Third-Party Sexual Harassment

Sexual harassment is any undesired behaviour directed at a person in the workplace that results in humiliation or intimidation. A manager, coworker, or subordinate can sexually harass an employee. Sexual harassment can sometimes be perpetrated by people who do not work for your organization. Employees might be sexually harassed by clients, vendors, independent contractors, or customers.

Harassment in the Workplace:

Whether sexual harassment is perpetrated by employees or outsiders, it is the employer’s responsibility to take action to stop the harassment or face legal consequences.

Employers must respond appropriately to workplace third-party harassment to safeguard employees from humiliation and intimidation by clients or vendors. When an employee is harassed at work, they feel extremely agitated, which harms their productivity and morale.

What is Third-Party Sexual Harassment?

Third-party sexual harassment refers to sexual harassment perpetrated by someone who is not an employee of the organization. Customers, clients, or vendors who come to the office or contact the personnel may be the ones who harass them. Employees of a different company who come to offer various services to your organization, as well as independent contractors working for the company, may be targets of harassment. Caterers who provide for company events, for example, or security guards who are responsible for the protection of the building where your firm does business are examples of this.

Examples of Third-Party Sexual Harassment:

When sexual harassment is severe or pervasive and results in an abusive or unpleasant work environment for an employee, it is referred to as third-party harassment. There are numerous instances of third-party harassment that can occur in the workplace:

  1. A delivery man requests a date with the corporate receptionist, who declines, but the same delivery man continues to want a date with the receptionist and refuses to accept her response. He makes a comment about the receptionist’s attractiveness every time he arrives to deliver an item.
  2. During a business lunch meeting, a client intentionally grabbed an employee inappropriately, ignoring the employee’s request that the client stops touching them inappropriately. 
  3. A customer flirts with the salesperson all of the time and asks inappropriate personal inquiries. The salesperson is ashamed as a result of this. 

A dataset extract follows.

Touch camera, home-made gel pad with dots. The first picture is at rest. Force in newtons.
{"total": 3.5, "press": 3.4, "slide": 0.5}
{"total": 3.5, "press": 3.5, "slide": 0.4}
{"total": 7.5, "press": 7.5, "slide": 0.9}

What Should You Do If You Suspect Workplace Harassment from a Third Party?

Employers should ensure that their employees are aware of third-party harassment and what they should do if they face unacceptable behaviour from vendors, clients, or customers to promote a harassment-free workplace. If you had previous knowledge of the harassment and did not take immediate and adequate action, you are legally accountable for the sexual harassment of your employees by a third party. When a client harasses an employee, for example, the employer should investigate right away to find out what’s going on. If an employer discovers inappropriate activity, he or she should take action right away.

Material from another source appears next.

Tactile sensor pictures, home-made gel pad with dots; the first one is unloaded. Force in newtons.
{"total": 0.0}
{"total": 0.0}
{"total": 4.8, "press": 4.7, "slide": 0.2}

Employers should avoid penalizing employees who have been sexually harassed. It is prohibited to retaliate against employees who report sexual harassment by clients, vendors, or customers. Claims of third-party harassment can be difficult to handle, whether you’re an employer or an employee. A corporation must carefully protect its employees while attempting to maintain excellent working relationships with outsiders. Employees must also be aware of their rights, which include the freedom to work without fear of retaliation for reporting sexual harassment.